23/11/2021

Trois milliards d’années d’histoire martienne révélées grâce aux vibrations sismiques du sol

Il y a deux solutions pour étudier ce qui se cache profondément sous nos pieds : soit effectuer un forage, soit créer une image du sous-sol à l’aide d’ondes sismiques. Au cours des dernières décennies, les sismologues ont (encore) développé des techniques et des méthodes d’analyse de l’agitation sismique pour représenter les structures des couches jusqu’à plusieurs centaines de mètres de profondeur. Les technologies expérimentées sur Terre sont aujourd’hui appliquées pour la toute première fois sur une autre planète. Trois milliards d’années d’histoire martienne ont été ainsi déchiffrées, comme le décrit une étude récemment publiée dans Nature Communications.

Depuis que l’atterrisseur de la mission InSight de la NASA s’est posé sur Mars en novembre 2018 et a mis en route un sismomètre, le Service sismologique martien, sous la direction de l’ETH de Zurich et avec la participation du Service Sismologique Suisse (SED), a régulièrement analysé les données reçues. Les chercheurs ont non seulement localisé de nombreux « tremblements de Mars », mais également utilisé ces données pour obtenir des informations sur la configuration interne de la planète. À l’aide de cette méthode, ils ont caractérisé la croûte, le manteau et le noyau, mais n’ont pas pu tirer de conclusions sur les structures proches de la surface. Or, cette zone présente un intérêt particulier pour comprendre l’histoire géologique de Mars.

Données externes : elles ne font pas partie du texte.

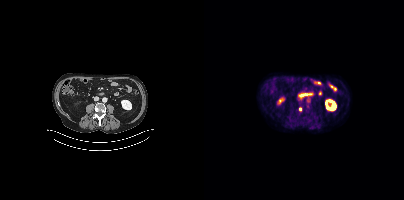
{"modality":"PSMA PET/CT","view":"axial","tracer":"18F-PSMA","pet_grid":[200,200],"coord_frame":"pet_panel","coord_format":"x0,y0,x1,y1","lesion_bboxes":[[95,107,97,111]]}
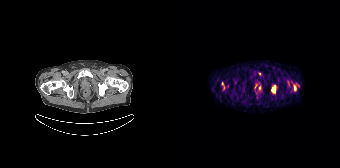
{"modality":"PSMA PET/CT","view":"axial","tracer":"[68Ga]Ga-PSMA-11","pet_grid":[168,168],"coord_frame":"pet_panel","coord_format":"x0,y0,x1,y1","partial":true,"lesion_bboxes":[[99,85,103,92],[49,82,52,89],[122,85,124,90],[116,81,117,85]],"small_foci_centers":[[87,87]]}
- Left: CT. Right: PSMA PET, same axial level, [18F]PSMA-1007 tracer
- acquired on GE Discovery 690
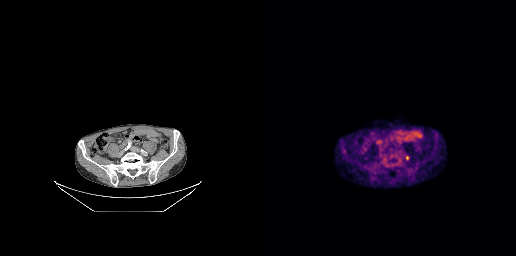
Findings: Coordinates are on the 256×256 PET (right) panel. PSMA-avid tumor lesion bounding box (x, y, width, height): x=145 y=156 w=5 h=5.
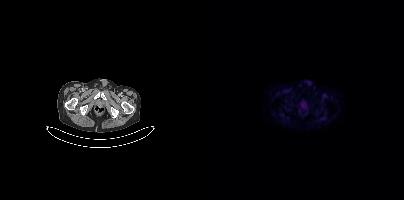
No tumor lesions annotated on this slice. Paired axial CT (left) and PSMA PET (right), [18F]PSMA-1007 tracer.
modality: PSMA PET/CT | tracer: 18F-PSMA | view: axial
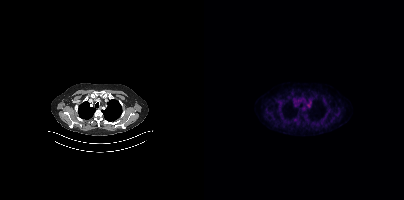
Negative for PSMA-avid disease on this slice.
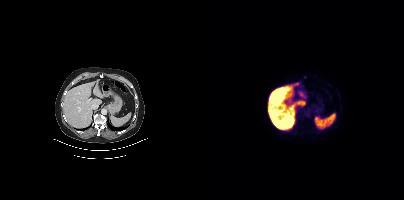
Paired axial CT (left) and PSMA PET (right), 18F tracer. Acquired on Siemens Biograph mCT Flow 20. Only PSMA-avid lesion pieces thinner than 2 px on this slice (not listed).
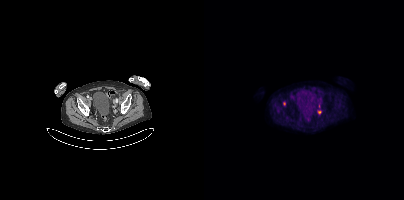
- Paired axial CT (left) and PSMA PET (right), 18F-PSMA tracer
- acquired on Siemens Biograph mCT Flow 20
- PET panel 200×200 px (4.1 mm/px)
Findings: Coordinates are on the 200×200 PET (right) panel. (showing 2 of 3 foci) Small PSMA-avid foci (2 to 4 px across) near (center x, center y): (80, 103); (115, 112).
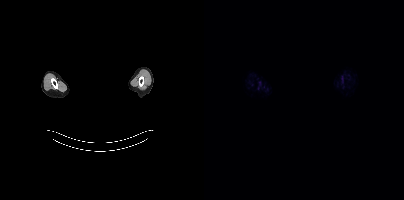
This slice has no annotated PSMA-avid lesion. Paired axial CT (left) and PSMA PET (right), 18F-PSMA tracer. Acquired on Siemens Biograph mCT Flow 20. Slice 413 of 423. The head region is masked for de-identification.
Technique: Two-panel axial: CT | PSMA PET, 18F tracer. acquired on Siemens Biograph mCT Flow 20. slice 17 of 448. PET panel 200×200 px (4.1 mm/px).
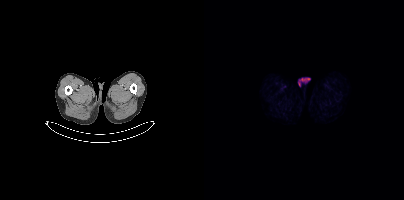
Findings: This slice has no annotated PSMA-avid lesion.

La récente étude n’utilise pas les signaux sismiques martiens pour radiographier le sous-sol, mais l’agitation sismique également enregistrée, à des moments où il n’y a pas de séisme martien. Sur notre planète, celle-ci est provoquée par les vagues des océans, le vent et les activités humaines. Au cours des dernières décennies, le SED a développé des méthodes d’analyse de l’agitation du sol pour identifier la structure de la géologie locale et sa tendance à atténuer ou à amplifier les ondes sismiques. Elles sont essentielles pour déterminer le risque sismique sur un site, mais aussi pour examiner les zones potentielles de glissement de terrain en montagne ou dans les lacs.

Sur Mars, l’origine de l’agitation du sol est le vent, qui génère des ondes sismiques en interagissant avec la surface. Les analyses de cette agitation permettent d’obtenir pour la première fois des informations sur le sous-sol martien et son histoire à une profondeur de quelques dizaines à deux cents mètres. Contrairement à la Terre, Mars n’a jamais connu de tectonique des plaques, et sa formation est marquée par des phases de volcanisme actif qui ont créé de grands plateaux de lave basaltique. Les derniers dépouillements de données illustrent cette structure. Ils montrent une première couche de sable (régolithe) d'environ trois mètres d’épaisseur et une seconde couche de roches meubles d'environ 20 mètres que des milliers d'impacts de météorites ont fissurées. Elle est suivie de deux couches de coulées de lave qui ont recouvert la planète il y a 1,7 et 3,6 milliards d’années, traversées par une strate sédimentaire à une profondeur d’environ 30 à 75 mètres. Cette superposition, semblable à une tarte avec différentes couches, donne une image sismique très spécifique, qui a permis aux chercheurs de retracer pour la première fois les principaux événements géologiques des trois derniers milliards d’années de l’histoire de Mars.

Si un jour les hommes se posent sur Mars, ils devront savoir ce qui se trouve sous leurs pieds. Il est particulièrement intéressant de savoir si ces couches proches de la surface contiennent de l’eau. Les dernières découvertes confirment que les techniques et procédures expérimentées sur Terre aident à répondre à cette question.

Hobiger, M., Hallo, M., Schmelzbach, C. et al. The shallow structure of Mars at the InSight landing site from inversion of ambient vibrations. Nat Commun 12, 6756 (2021).